Probability of   Ratio of
 Enforcement     % S.C. to
     w           % Profit

    100%           1.00
     95%           0.83
     90%           0.69
     85%           0.59
     80%           0.50
     75%           0.43
     70%           0.37
     65%           0.32
     60%           0.27
     55%           0.23
     50%           0.20
     45%           0.17
     40%           0.14
     35%           0.12
     30%           0.10
     25%           0.08
     20%           0.06
     15%           0.04
     10%           0.03
      5%           0.01

As is well known, reducing the market price reduces the deadweight loss of monopoly. In this example, the reduction in social cost is significant: infringement eliminates almost two-thirds (64%) of the deadweight loss of monopoly pricing (down $800 from $1,250 to $450).(29) But the patentee's expected profits are reduced by less than one-sixth from the monopoly level.(30) In this example, the patentee expects to earn a total of $2,100: $900 on the units she produces ($30 per unit on 30 units) and $1,200 in damages (a 75% chance of $1,600). A crucial aspect of the competitive fringe assumption is that the profits from infringing production are on average all expected to go to the patentee.(31)

Uncertainty and delay are both necessary to induce limited amounts of interim infringement (and their salutary effects on the patentee's pricing). Delay is necessary, because a regime that immediately resolved any uncertainty about a patent's validity would recreate the all-or-nothing excess of the idealized regime.(32) Patentees would immediately learn whether or not they had complete monopoly power -- so that with probability w the patentee would enjoin all interim infringement and set the full monopoly price. Uncertainty is necessary, because a regime that produced delayed, but certain, decisions (therefore refusing injunctions and only awarding damages ex post with probability w = 1), would also deter all interim infringement. Potential infringers would know that infringement would inevitably expand industry output above the monopoly level and thus reduce total industry profit. Accordingly, they would know that any profits they would earn from infringement in the interim would be insufficient to compensate the patentee for lost profits. Potential infringers, knowing that they could not break even, would not infringe.

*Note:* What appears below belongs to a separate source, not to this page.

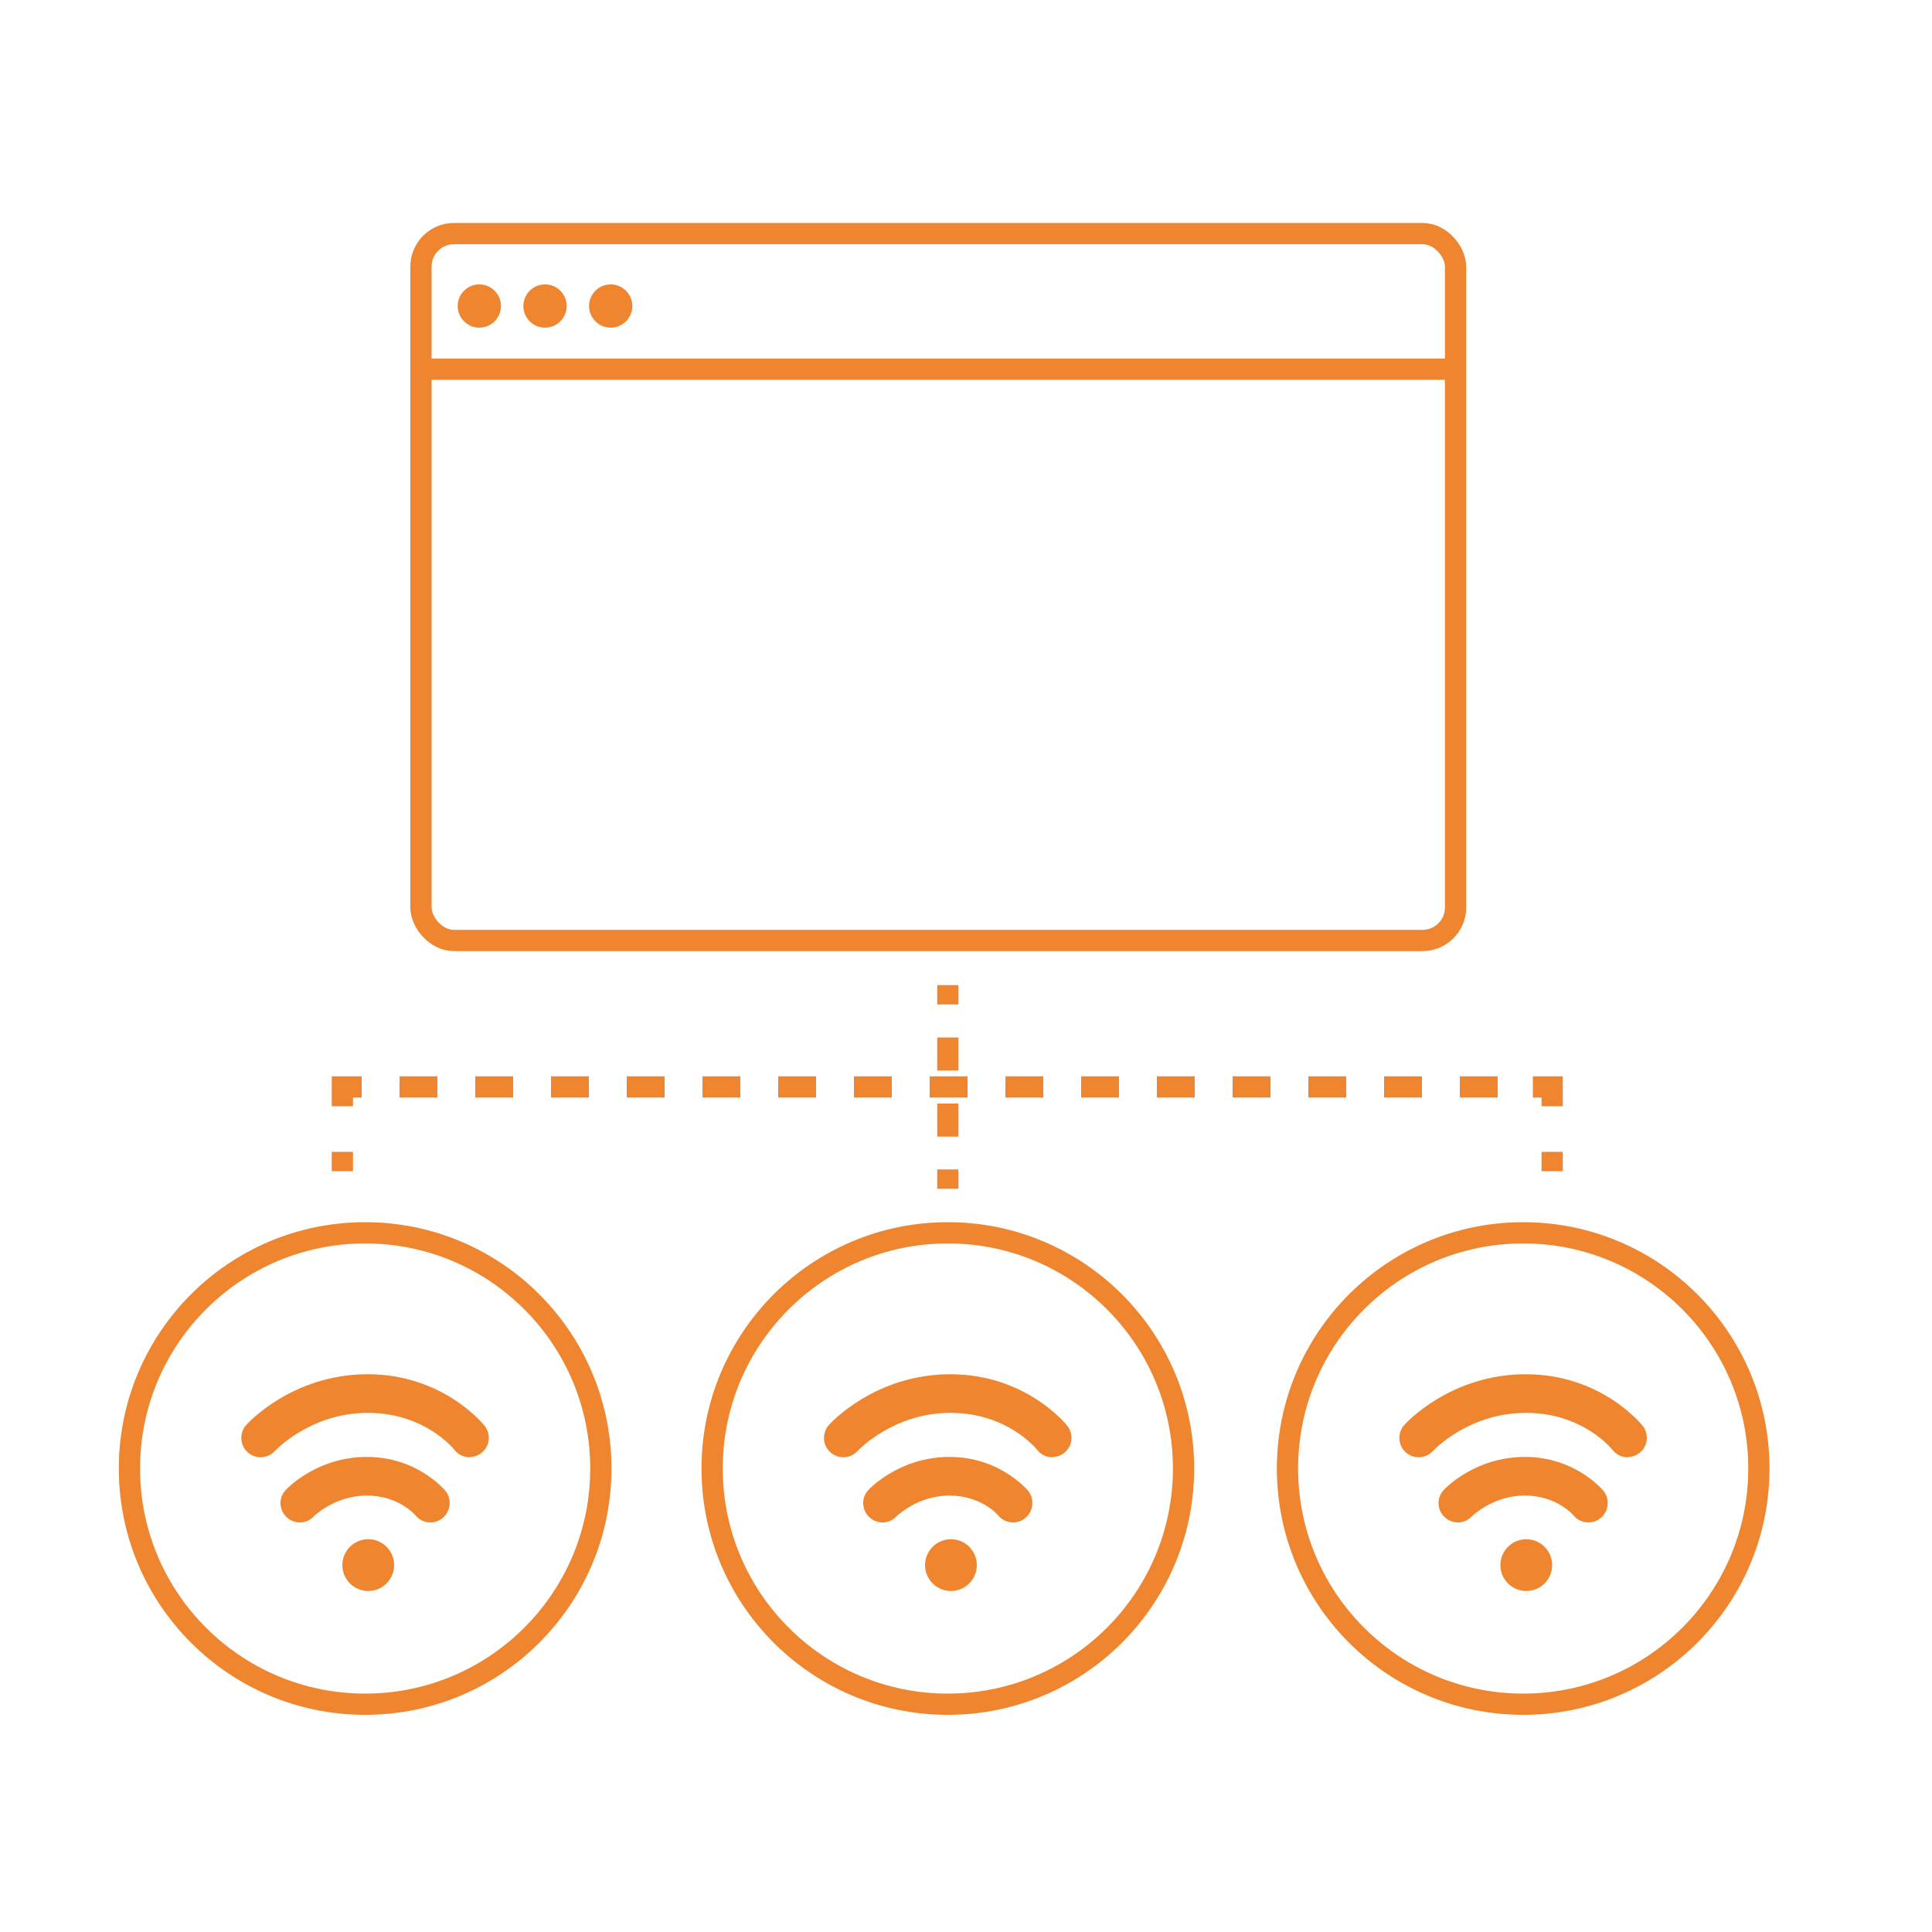 <?xml version="1.0" encoding="UTF-8"?><svg id="Layer_1" xmlns="http://www.w3.org/2000/svg" viewBox="0 0 100 100"><defs><style>.cls-1,.cls-2,.cls-3{fill:none;stroke:#ef862f;stroke-miterlimit:10;stroke-width:1.1px;}.cls-4{fill:#ef862f;}.cls-2{stroke-dasharray:0 0 1.71 1.71;}.cls-3{stroke-dasharray:0 0 1.96 1.96;}</style></defs><rect class="cls-1" x="21.79" y="12.09" width="53.55" height="36.59" rx="1.71" ry="1.71"/><line class="cls-1" x1="21.79" y1="19.11" x2="75.34" y2="19.11"/><circle class="cls-4" cx="24.81" cy="15.84" r="1.12"/><circle class="cls-4" cx="28.21" cy="15.84" r="1.12"/><circle class="cls-4" cx="31.61" cy="15.84" r="1.12"/><g><circle class="cls-4" cx="19.06" cy="81.01" r="1.34"/><path class="cls-4" d="M22.27,78.8c-.29,0-.58-.13-.78-.38-.03-.03-.87-1.01-2.51-1.01s-2.72,1.06-2.73,1.07c-.38,.41-1.01,.43-1.41,.05-.41-.38-.43-1.01-.05-1.41,.06-.07,1.61-1.71,4.2-1.71s4.01,1.69,4.07,1.76c.34,.43,.27,1.06-.16,1.41-.18,.15-.4,.22-.62,.22Z"/><path class="cls-4" d="M24.31,75.43c-.3,0-.59-.13-.79-.39-.06-.07-1.55-1.91-4.48-1.91s-4.73,1.89-4.81,1.97c-.37,.41-1,.44-1.41,.07-.41-.37-.44-1-.08-1.41,.1-.11,2.4-2.63,6.29-2.63s5.98,2.57,6.06,2.68c.34,.44,.26,1.06-.18,1.4-.18,.14-.4,.21-.61,.21Z"/></g><circle class="cls-1" cx="18.9" cy="76.01" r="12.2"/><g><circle class="cls-4" cx="49.22" cy="81.01" r="1.34"/><path class="cls-4" d="M52.43,78.8c-.29,0-.58-.13-.78-.38-.03-.03-.87-1.01-2.51-1.01s-2.72,1.06-2.73,1.07c-.38,.41-1.01,.43-1.41,.05-.41-.38-.43-1.01-.05-1.41,.06-.07,1.61-1.71,4.2-1.71s4.01,1.69,4.07,1.76c.34,.43,.27,1.06-.16,1.41-.18,.15-.4,.22-.62,.22Z"/><path class="cls-4" d="M54.47,75.43c-.3,0-.59-.13-.79-.39-.06-.07-1.55-1.91-4.48-1.91s-4.73,1.89-4.81,1.97c-.37,.41-1,.44-1.41,.07-.41-.37-.44-1-.08-1.41,.1-.11,2.4-2.63,6.29-2.63s5.98,2.57,6.06,2.68c.34,.44,.26,1.06-.18,1.4-.18,.14-.4,.21-.61,.21Z"/></g><circle class="cls-1" cx="49.06" cy="76.01" r="12.2"/><g><circle class="cls-4" cx="79" cy="81.01" r="1.34"/><path class="cls-4" d="M82.21,78.8c-.29,0-.58-.13-.78-.38-.03-.03-.87-1.01-2.51-1.01s-2.72,1.06-2.73,1.07c-.38,.41-1.01,.43-1.41,.05-.41-.38-.43-1.01-.05-1.41,.06-.07,1.61-1.71,4.2-1.71s4.01,1.69,4.07,1.76c.34,.43,.27,1.06-.16,1.41-.18,.15-.4,.22-.62,.22Z"/><path class="cls-4" d="M84.25,75.43c-.3,0-.59-.13-.79-.39-.06-.07-1.55-1.91-4.48-1.91s-4.73,1.89-4.81,1.97c-.37,.41-1,.44-1.41,.07-.41-.37-.44-1-.08-1.41,.1-.11,2.4-2.63,6.29-2.63s5.98,2.57,6.06,2.68c.34,.44,.26,1.06-.18,1.4-.18,.14-.4,.21-.61,.21Z"/></g><circle class="cls-1" cx="78.84" cy="76.01" r="12.2"/><g><line class="cls-1" x1="49.06" y1="50.99" x2="49.06" y2="51.99"/><line class="cls-2" x1="49.06" y1="53.7" x2="49.06" y2="59.67"/><line class="cls-1" x1="49.06" y1="60.53" x2="49.06" y2="61.53"/></g><g><line class="cls-1" x1="17.72" y1="60.62" x2="17.72" y2="59.62"/><polyline class="cls-1" points="17.72 57.26 17.72 56.26 18.72 56.26"/><line class="cls-3" x1="20.68" y1="56.26" x2="78.37" y2="56.26"/><polyline class="cls-1" points="79.34 56.26 80.34 56.26 80.34 57.26"/><line class="cls-1" x1="80.34" y1="59.62" x2="80.34" y2="60.62"/></g></svg>

Table 1 shows that introducing small amounts of uncertainty reduces deadweight loss much more than it reduces the patentee's expected profit. By itself this observation is not a very powerful guide to policy because it does not tell us whether the benefit of lower prices is worth the cost of reduced innovation incentives. The next sections apply the stationarity and Ramsey pricing intuitions to the model to show why, with either fixed or enlarged patent durations, concerns about innovation need not undermine the usefulness of probabilistic patents.

A. Introducing Uncertainty Without Changing the Patent's Duration

The essence of the stationarity intuition is illustrated in the second-to-top row of Table 1. If the probability of enforcement w is 95%, the market price will be cut nearly 10% (from $50 to $45.20) and the social cost of the patent will fall more than 18% .(33) But near the point where the profit function is maximized -- the point where profits are stationary -- small changes in price have a negligible effect on profit. As shown in Table 1, this rather significant decrease in deadweight loss occasions less than a 1% drop in profits.(34)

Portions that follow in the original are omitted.